By this hour the many banks and trading and lending houses lining the Ilynka had long since closed, so there really weren’t that many people about, just a few lowly clerks and such scurrying through the cold, their heads bent. At the appointed time-seven o’clock-I reached the designated corner and glanced around as gently as I could, seeing no one. I was, it seemed, in front of some kind of money house, and I drew back into the deep, arched doorway, my collar pulled up, more to hide my face than to block the cold. Not two minutes later, I heard the dull clatter of hooves on the snowy street and peered out. A small sleigh was making my way, its driver huddled against the snow. As if I were greeting an old friend, I stepped out, smiling and waving to him. This was our Savinkov, who, I think, was born in Warsaw and who had long been dedicated to ridding his homeland of the tsars. He had a keen, intelligent face, and when he saw me he smiled, his teeth so white in the night. Really, no one ever took him for a terrorist. He looked much more like a minor aristocrat from Poland, with that medium-brown hair, that sharp face, his tall forehead.

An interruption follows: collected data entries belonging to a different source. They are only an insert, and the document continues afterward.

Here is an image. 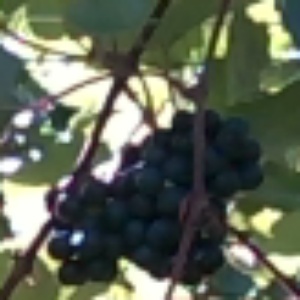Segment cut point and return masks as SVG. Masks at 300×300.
I'll use <instances>...</instances> for the list:
<instances>
[{"label":"cut point","instance_id":"cut-point-1","mask_svg":"<svg viewBox=\"0 0 300 300\" xmlns=\"http://www.w3.org/2000/svg\"><path fill=\"white\" fill-rule=\"evenodd\" d=\"M135 77L138 78L140 82V90L145 105L143 104L138 93L133 89L129 81H125L124 84L121 86V89L125 92L128 101L130 103L134 102L139 112L140 121L130 130L127 137L128 142H131L133 140L135 132L138 129L143 130L145 127L149 128L150 130L158 129L157 120L154 114V112L156 111V107L149 80L145 78L141 70L137 71Z\"/></svg>","mask_w":300,"mask_h":300}]
</instances>
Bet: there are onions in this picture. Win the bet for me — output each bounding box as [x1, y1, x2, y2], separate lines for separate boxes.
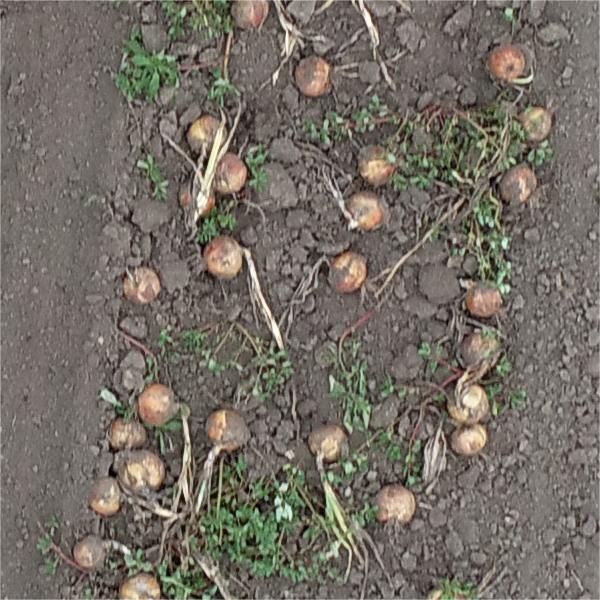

The bomb that Dora Brilliant had so carefully made for us was wrapped in a handkerchief, and I accepted it from Savinkov as if it were nothing more than a pot of warm pelmeni. We exchanged a few stupid words, and then I trundled off toward the Kremlin. Glancing back only once, I not only saw Savinkov and his sleigh disappear into the dark-he had one more bomb to deliver to another of our conspirators-but could detect no one following me.

Yes, this was going to be easy, very easy. All we had to do was lob this bomb through the carriage window, and that, without a doubt, would be the end of a Romanov or two.